At this point, Ginnis was still a member of the latter group: a risk taker flying down the mountain at breakneck speeds, which often led to big blowouts. One such crash cost him his season just months after joining Team USA. He shredded his ACL and suffered meniscus and cartilage damage. A surgeon repaired what he could, but it would be a long road back to the slopes.

It didn’t help, either, that he was 17 and thought he knew it all. Rehab? Who needs that? Why work on his range of motion when his knee had always been able to bend and fully extend? Why squat? Why all these ridiculous exercises? For good reason, it turns out. He never fully recovered from that injury.

Ginnis’ time with Team USA was a mix of recovering from five knee surgeries and flashing his talent: he won bronze at the 2015 World Junior Alpine Skiing Championships and qualified for Team USA at the 2017 World Championships.

But after six years with Team USA, the team cut its slalom program, leaving Ginnis and four others without a home. If he was going to make a career skiing, he was going to have to do so independently.

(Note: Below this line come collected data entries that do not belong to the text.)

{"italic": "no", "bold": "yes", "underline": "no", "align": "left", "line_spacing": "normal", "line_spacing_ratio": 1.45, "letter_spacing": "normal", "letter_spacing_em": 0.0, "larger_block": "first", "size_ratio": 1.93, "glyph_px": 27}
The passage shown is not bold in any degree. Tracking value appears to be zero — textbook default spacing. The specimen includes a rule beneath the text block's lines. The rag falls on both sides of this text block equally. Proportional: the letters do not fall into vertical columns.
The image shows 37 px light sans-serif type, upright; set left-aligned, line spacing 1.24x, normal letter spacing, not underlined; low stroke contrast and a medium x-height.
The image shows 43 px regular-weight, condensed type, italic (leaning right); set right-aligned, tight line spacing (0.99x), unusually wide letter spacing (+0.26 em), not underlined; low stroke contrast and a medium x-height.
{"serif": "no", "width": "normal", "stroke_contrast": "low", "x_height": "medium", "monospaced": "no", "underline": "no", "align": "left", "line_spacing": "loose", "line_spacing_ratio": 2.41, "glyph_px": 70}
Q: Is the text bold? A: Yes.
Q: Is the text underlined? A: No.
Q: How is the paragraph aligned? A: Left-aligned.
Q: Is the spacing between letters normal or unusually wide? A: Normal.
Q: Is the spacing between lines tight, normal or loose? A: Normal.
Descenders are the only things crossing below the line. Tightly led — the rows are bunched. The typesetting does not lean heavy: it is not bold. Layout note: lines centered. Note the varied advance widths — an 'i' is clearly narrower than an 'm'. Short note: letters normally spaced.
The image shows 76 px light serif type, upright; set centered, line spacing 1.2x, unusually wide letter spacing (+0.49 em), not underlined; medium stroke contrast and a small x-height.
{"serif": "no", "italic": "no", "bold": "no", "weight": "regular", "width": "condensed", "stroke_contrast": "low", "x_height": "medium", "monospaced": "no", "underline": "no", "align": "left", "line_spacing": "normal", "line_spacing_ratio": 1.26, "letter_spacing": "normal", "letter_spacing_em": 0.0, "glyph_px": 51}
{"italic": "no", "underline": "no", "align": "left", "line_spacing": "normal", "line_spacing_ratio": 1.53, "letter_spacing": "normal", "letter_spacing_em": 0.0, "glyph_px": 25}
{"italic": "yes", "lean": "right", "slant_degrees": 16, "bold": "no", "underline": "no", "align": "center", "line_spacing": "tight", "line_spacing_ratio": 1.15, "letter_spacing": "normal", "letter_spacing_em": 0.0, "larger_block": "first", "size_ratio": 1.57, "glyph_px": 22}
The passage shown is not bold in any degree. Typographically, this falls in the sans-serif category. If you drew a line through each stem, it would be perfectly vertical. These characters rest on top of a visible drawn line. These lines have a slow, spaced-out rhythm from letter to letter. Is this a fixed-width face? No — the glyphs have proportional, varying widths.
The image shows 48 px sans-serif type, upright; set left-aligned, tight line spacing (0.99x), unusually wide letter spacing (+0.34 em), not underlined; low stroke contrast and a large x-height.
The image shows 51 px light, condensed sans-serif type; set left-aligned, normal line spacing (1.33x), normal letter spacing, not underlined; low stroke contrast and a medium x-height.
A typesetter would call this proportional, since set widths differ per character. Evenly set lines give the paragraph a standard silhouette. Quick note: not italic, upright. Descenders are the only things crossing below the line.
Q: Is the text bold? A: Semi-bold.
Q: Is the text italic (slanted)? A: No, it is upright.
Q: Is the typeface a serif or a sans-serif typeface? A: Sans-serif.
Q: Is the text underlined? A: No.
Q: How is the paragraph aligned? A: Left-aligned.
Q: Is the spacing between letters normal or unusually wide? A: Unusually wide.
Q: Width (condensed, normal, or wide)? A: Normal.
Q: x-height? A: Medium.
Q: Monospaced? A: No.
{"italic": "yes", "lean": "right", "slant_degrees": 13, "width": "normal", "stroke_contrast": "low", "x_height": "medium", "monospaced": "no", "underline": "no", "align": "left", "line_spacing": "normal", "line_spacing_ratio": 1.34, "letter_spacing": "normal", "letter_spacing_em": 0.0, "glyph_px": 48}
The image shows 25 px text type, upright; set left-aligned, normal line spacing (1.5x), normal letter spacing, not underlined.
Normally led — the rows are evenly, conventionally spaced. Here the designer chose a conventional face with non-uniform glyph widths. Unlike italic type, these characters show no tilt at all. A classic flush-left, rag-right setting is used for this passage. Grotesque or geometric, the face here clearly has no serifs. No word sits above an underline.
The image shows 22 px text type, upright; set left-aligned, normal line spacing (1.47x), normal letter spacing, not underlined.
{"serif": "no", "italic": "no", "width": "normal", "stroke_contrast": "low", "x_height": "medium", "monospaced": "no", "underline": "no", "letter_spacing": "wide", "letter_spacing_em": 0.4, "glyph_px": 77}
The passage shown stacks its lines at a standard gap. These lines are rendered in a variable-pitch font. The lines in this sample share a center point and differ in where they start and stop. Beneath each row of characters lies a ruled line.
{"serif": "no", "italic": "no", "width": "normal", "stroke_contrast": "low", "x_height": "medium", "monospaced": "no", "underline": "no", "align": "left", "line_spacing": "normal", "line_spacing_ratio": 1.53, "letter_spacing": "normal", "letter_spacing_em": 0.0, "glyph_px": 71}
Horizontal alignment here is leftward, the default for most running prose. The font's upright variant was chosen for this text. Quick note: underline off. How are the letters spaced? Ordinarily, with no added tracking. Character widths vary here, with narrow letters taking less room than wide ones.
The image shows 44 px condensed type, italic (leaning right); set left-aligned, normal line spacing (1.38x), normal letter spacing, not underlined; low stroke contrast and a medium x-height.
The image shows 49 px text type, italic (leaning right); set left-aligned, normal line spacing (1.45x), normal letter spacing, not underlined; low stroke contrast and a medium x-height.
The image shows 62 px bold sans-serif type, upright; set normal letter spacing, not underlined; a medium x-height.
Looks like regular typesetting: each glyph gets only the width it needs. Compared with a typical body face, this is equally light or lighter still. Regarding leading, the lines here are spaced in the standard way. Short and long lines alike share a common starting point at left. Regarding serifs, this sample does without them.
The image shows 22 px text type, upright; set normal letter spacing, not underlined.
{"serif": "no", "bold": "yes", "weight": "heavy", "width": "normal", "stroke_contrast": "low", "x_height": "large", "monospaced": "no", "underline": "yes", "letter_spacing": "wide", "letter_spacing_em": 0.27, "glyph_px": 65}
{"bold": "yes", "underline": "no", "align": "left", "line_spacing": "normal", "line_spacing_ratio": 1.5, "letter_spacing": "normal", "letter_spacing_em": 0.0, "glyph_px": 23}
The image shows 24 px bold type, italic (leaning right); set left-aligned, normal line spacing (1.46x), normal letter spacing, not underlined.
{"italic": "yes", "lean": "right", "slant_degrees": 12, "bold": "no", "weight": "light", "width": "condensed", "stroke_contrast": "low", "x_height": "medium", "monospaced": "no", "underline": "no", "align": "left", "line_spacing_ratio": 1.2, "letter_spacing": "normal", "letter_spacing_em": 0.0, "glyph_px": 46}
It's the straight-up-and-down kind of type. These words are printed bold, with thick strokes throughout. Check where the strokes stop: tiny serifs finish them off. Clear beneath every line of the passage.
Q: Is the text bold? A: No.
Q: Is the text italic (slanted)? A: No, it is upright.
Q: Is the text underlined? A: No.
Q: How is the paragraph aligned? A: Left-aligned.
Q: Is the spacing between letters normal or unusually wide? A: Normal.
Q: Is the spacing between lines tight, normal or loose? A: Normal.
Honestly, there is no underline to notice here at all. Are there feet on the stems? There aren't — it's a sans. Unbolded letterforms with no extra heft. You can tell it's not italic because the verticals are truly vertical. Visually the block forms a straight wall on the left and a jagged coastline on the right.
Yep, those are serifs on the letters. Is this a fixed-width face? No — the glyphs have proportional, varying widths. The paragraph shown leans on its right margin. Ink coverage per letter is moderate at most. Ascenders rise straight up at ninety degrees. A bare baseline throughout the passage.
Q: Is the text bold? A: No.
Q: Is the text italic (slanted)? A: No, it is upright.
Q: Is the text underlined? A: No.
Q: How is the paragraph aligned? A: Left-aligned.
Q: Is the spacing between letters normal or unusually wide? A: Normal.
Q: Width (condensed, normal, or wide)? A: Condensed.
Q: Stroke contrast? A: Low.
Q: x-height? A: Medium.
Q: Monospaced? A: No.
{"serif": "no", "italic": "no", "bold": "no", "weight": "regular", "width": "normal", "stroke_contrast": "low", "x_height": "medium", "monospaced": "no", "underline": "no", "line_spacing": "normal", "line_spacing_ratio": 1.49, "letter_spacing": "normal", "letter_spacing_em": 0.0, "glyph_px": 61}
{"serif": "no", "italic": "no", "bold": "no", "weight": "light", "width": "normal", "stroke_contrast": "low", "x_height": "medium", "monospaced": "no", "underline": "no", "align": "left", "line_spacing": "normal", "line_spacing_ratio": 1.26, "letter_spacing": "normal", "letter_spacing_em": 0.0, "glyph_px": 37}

Slalom skiing is one of six disciplines of alpine skiing, and the one where Ginnis excels. It features up to 75 gates placed closely together, forcing racers into short, quick turns. When Team USA cut its program in 2018, Ginnis felt lost and as if he’d been wronged.  

“I thought it was pretty unfair. I didn’t have a place to go,” he says.

Shortly after, he destroyed his knee — again — at a race in New Zealand. Doctors told him there was a 50-50 chance he may never ski again. If there’s one thing Ginnis’ parents taught him, it’s perseverance. His mom often told him that if he ever wanted to quit, he should do so on his own terms. Calling it a career because of an injury certainly didn’t feel like it met that criteria. 

Then came a lifeline. 

He spoke to a coach back in Greece who welcomed him with an opportunity to ski with the Greek flag next to his name. There was one — big — caveat, though. The team didn’t have any money to support him, so he would have to fund his own team, pay his own coaches, and travel on his own dime. It was a no-brainer if he could raise the money. He reached out to his sponsors, secured $100,000, and hired his recently retired best friend, Sandy Vietz, as his do-it-all coach.

“It was my buddy and a van, and we just hit the road,” Ginnis recalls. “We had no idea what the heck we were doing. But we learned along the way and built on our success.”

Success meant sleeping in the van during long road trips. Success meant booking ridiculous flights with long layovers to save $200. Success meant accepting other teams’ sympathies and joining them on their training days because you can’t just pull up to a ski resort and ask to practice. Success meant dissecting film while drinking beer and playing video games.

Ginnis thrived with his makeshift team. He hired another technician, Gaby Coulet. He allowed himself to be vulnerable and admit what he didn’t understand. There was no one-size-fits-all training plan like that of Team USA, where he felt like the slalom skiers were forced to fit into a box.

“I wanted to be different. We had to do it different because of our budget situation,” Ginnis says. “I needed my coaches to understand what I needed. And I never got that before in my career. But I got it with them. It was very a much a whatever-needs-to-get-done mentality.”

Ginnis is back in Greece today, ushering a new world as the new face of the Greek ski team. He’s the first Greek skier to claim World Cup points for his country. He later finished second in a World Cup race in France, becoming the first Greek skier to ever place on the podium. He later won a silver medal at the 2023 World Championships.

At 29, he’s showing no signs of slowing down. There’s still too much to accomplish. He wants to win a World Cup — a year-long, worldwide event that features the best skiers from each country. There’s sitting atop the podium at a World Championship. There’s the 2026 Olympic Games in Milano Cortina.

The fact he’s a Greek skier leading his country to prominence in the sport he loves isn’t lost on him. Greece may be a small country, but its citizens carry immense pride for their athletes. People will regularly stop him in the streets to say hi or snap a selfie. It’s all a bit surreal, but there’s beauty in that.